Agentic AI is missing an infrastructure layer. Agents discover each other by guessing from prose, act without carrying the authority they were granted, and leave no attributable record of what they did or why.
SADAR specifies that missing layer: verifiable identity for every agent, tool, and resource; deterministic discovery grounded in the standards your teams already use; and authorization context that travels end-to-end.

Grounded in Industry Standards
SADAR defines what an agent, tool, resource, or process does — and the data it exchanges — using established industry standards rather than free-text descriptions. Meaning is consistent across teams, organizations, and clouds.
Bilateral Match Agreement
The deterministic matching enforces exact matching of requirements vs capabilties. Non-functional requirements of both requester and server can be expressed as mandatory vs desired requiring an exact value match, match in a range, overlapping ranges, and "one-of" for maximum flexibility while preserving control.
Verifiable Manifests
Every record in the registry — entity, agent, tool, resource, process, and registries themselves— is a publisher-signed, immutable manifest: the authoritative, tamper-evident record of what a capability is, what it requires, and what it guarantees.
Federation & Registry Distribution
Registries may run independently or join a federated network. A sovereign, locally-hosted registry can federate globally with no cloud dependency. A governed Directory controls who may interoperate. Private registries are fully supported and may federate privately or consume from publically federated registries.
Registry Isolation
The registry is a discovery-time component only. It is never in the runtime call path and never holds sensitive operational data. This removes the registry as a bottleneck or a single point of compromise.
Standards-Based Security
SADAR's security model is built entirely on established cryptographic standards — OIDC, OAuth, JWS, and JWE — with no proprietary trust mechanisms.
Secret-less Credential Handshake
Each manifest carries the authentication endpoints for its entry. This enables credentials to be exchanged directly between requester and provider at runtime — never through the registry. The provider returns a time and requester bound token removing stored keys from transactional usage.
Authority That Travels - the Context Token
A SADAR Context Token (SCT) travels with each invocation, carrying the originator's scope of authority through every step of a multi-agent flow and recording, cryptographically, how that authority propagated.
Full Attribution & Non-Repudiation
Every invocation is authenticated and generates an attributed, time-limited audit record — no action in a SADAR flow is anonymous.
Process Consistency
SADAR grounds every capability in an explicit process context - business or technical. Sequencing, prerequisites, scope coverage can be checked at discovery — addressing silent failures from inconsistent/erroneous process execution.
Compliance Posture Matching
Both requesters and providers declare the regulatory frameworks under which they operate, and discovery matches compatibility before any interaction. Trust in the asserted framework compliance is via the trust in the publishers. Even for internal-only components, this ensures that discovery only finds ones with matching control postures. This can also be used to express sensitivity and risk ensuring that sensitive data only is accessed and processed by registry entries thus marked.
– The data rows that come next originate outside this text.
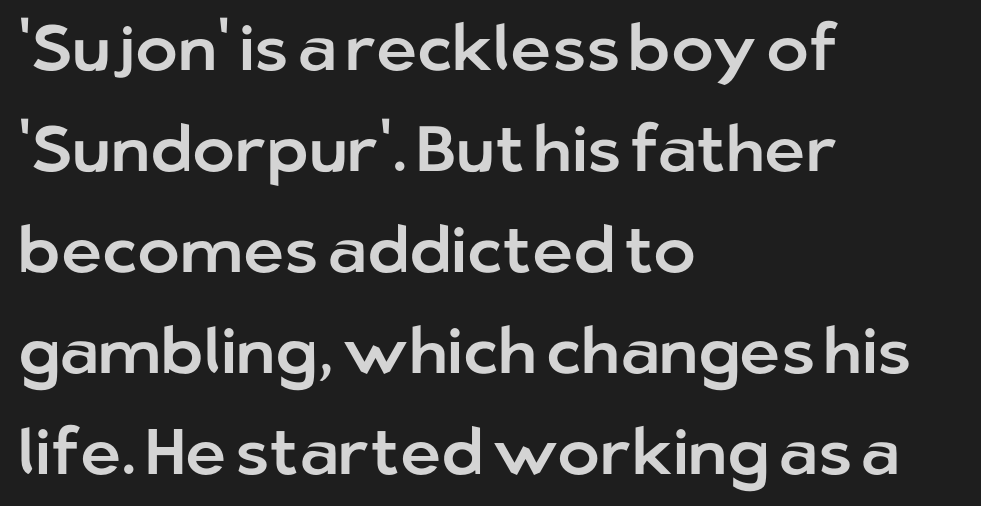
{"serif": "no", "italic": "no", "width": "normal", "stroke_contrast": "low", "x_height": "medium", "monospaced": "no", "underline": "no", "align": "left", "line_spacing": "normal", "line_spacing_ratio": 1.58, "letter_spacing": "normal", "letter_spacing_em": 0.0, "glyph_px": 64}
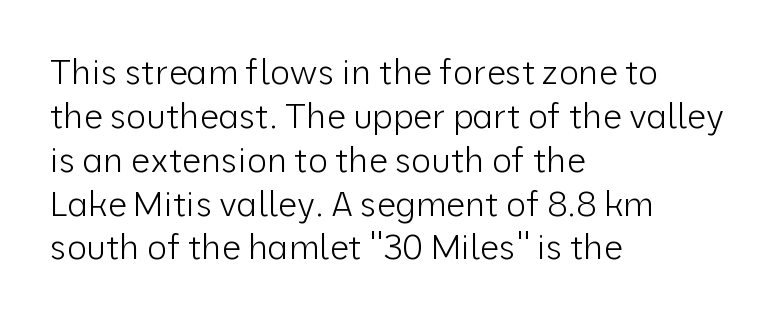
Q: Is the text bold? A: No.
Q: Is the text italic (slanted)? A: No, it is upright.
Q: Is the typeface a serif or a sans-serif typeface? A: Sans-serif.
Q: Is the text underlined? A: No.
Q: How is the paragraph aligned? A: Left-aligned.
Q: Is the spacing between letters normal or unusually wide? A: Normal.
Q: Is the spacing between lines tight, normal or loose? A: Normal.
Q: Width (condensed, normal, or wide)? A: Normal.
Q: Stroke contrast? A: Low.
Q: x-height? A: Medium.
Q: Monospaced? A: No.
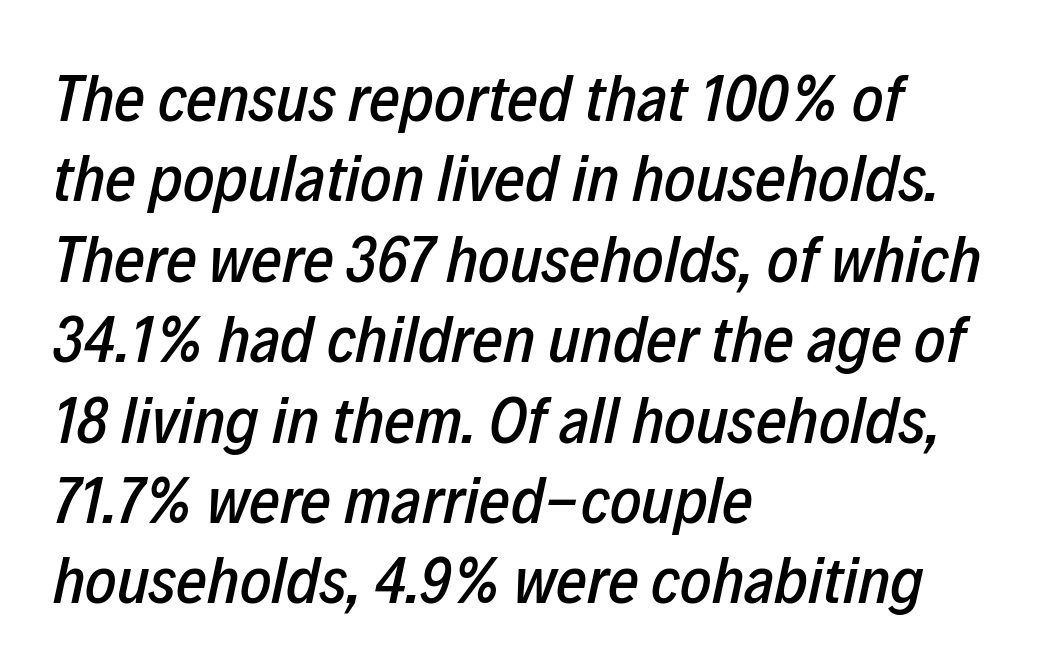
Q: Is the text italic (slanted)? A: Yes, it leans right by about 12 degrees.
Q: Is the text underlined? A: No.
Q: How is the paragraph aligned? A: Left-aligned.
Q: Is the spacing between letters normal or unusually wide? A: Normal.
Q: Width (condensed, normal, or wide)? A: Condensed.
Q: Stroke contrast? A: Low.
Q: x-height? A: Medium.
Q: Monospaced? A: No.

The same applies for risk posture.
Controlled First-Use Authentication and Authorization
SADAR defines the mechanics for a first-time interaction between previously unknown parties — credential exchange, licensing acceptance, payment authorization, etc. — with an option for human review before automated provisioning occurs.
Enforceable Operational Controls
Entries advertise machine-readable non-functional requirements — across Financial, Operational, Governance, and Protocol categories — matched at discovery so operational constraints are settled before invocation, not negotiated after.
Usage Payment
Manifests carry everything needed for direct requester-to-provider payment settlement. This includes support for third party processors such as STRIPE and emerging agentic payment models such as x402.
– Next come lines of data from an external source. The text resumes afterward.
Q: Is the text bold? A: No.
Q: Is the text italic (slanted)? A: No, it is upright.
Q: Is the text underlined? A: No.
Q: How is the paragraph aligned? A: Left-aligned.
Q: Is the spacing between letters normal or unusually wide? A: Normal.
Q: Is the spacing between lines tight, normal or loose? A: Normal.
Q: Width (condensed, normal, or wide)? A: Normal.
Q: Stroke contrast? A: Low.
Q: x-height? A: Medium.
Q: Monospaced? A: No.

Grounded in Industry Standards
As a process executes, individual steps and actions may not represent a material risk on their own but a pattern of steps, or the cummulative affect of them may. To address this, SADAR defines a cumulative, in-flight risk score — a value from 0 to 1 that starts at zero and is adjusted up or down as a flow proceeds. Risk score adjustments are signed by the adjuster creating verifiable proof of the adjustment making it tamper evident.
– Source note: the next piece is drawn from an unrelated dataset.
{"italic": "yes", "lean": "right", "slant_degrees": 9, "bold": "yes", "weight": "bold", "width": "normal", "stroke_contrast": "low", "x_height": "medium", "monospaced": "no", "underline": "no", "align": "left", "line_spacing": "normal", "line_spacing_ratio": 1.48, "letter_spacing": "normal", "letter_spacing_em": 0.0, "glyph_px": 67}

SADAR provides a normative mechanism for conveying this risk score across the process. The decisions about how to adjust and interpret the score are beyond the scope of the specification allowing the user of a conformant system to do so in accordance with their enterprise risk management policies and risk appetite.
Substrate, Not Policy
SADAR carries and propagates risk signals; itdeliberately does not decide what they mean. The data model and propagation arenormative — the accumulation algorithm and any intervention are left to theimplementer.
searchAndInvoke
SADAR defines a standard tool interface that delivers discovery to requesting agents through MCP, A2A, LangChain, or direct framework integration. Its primary tool, searchAndInvoke, performs bilateral discovery, applies the organization's selection logic, and invokes the chosen service — as a single governed operation.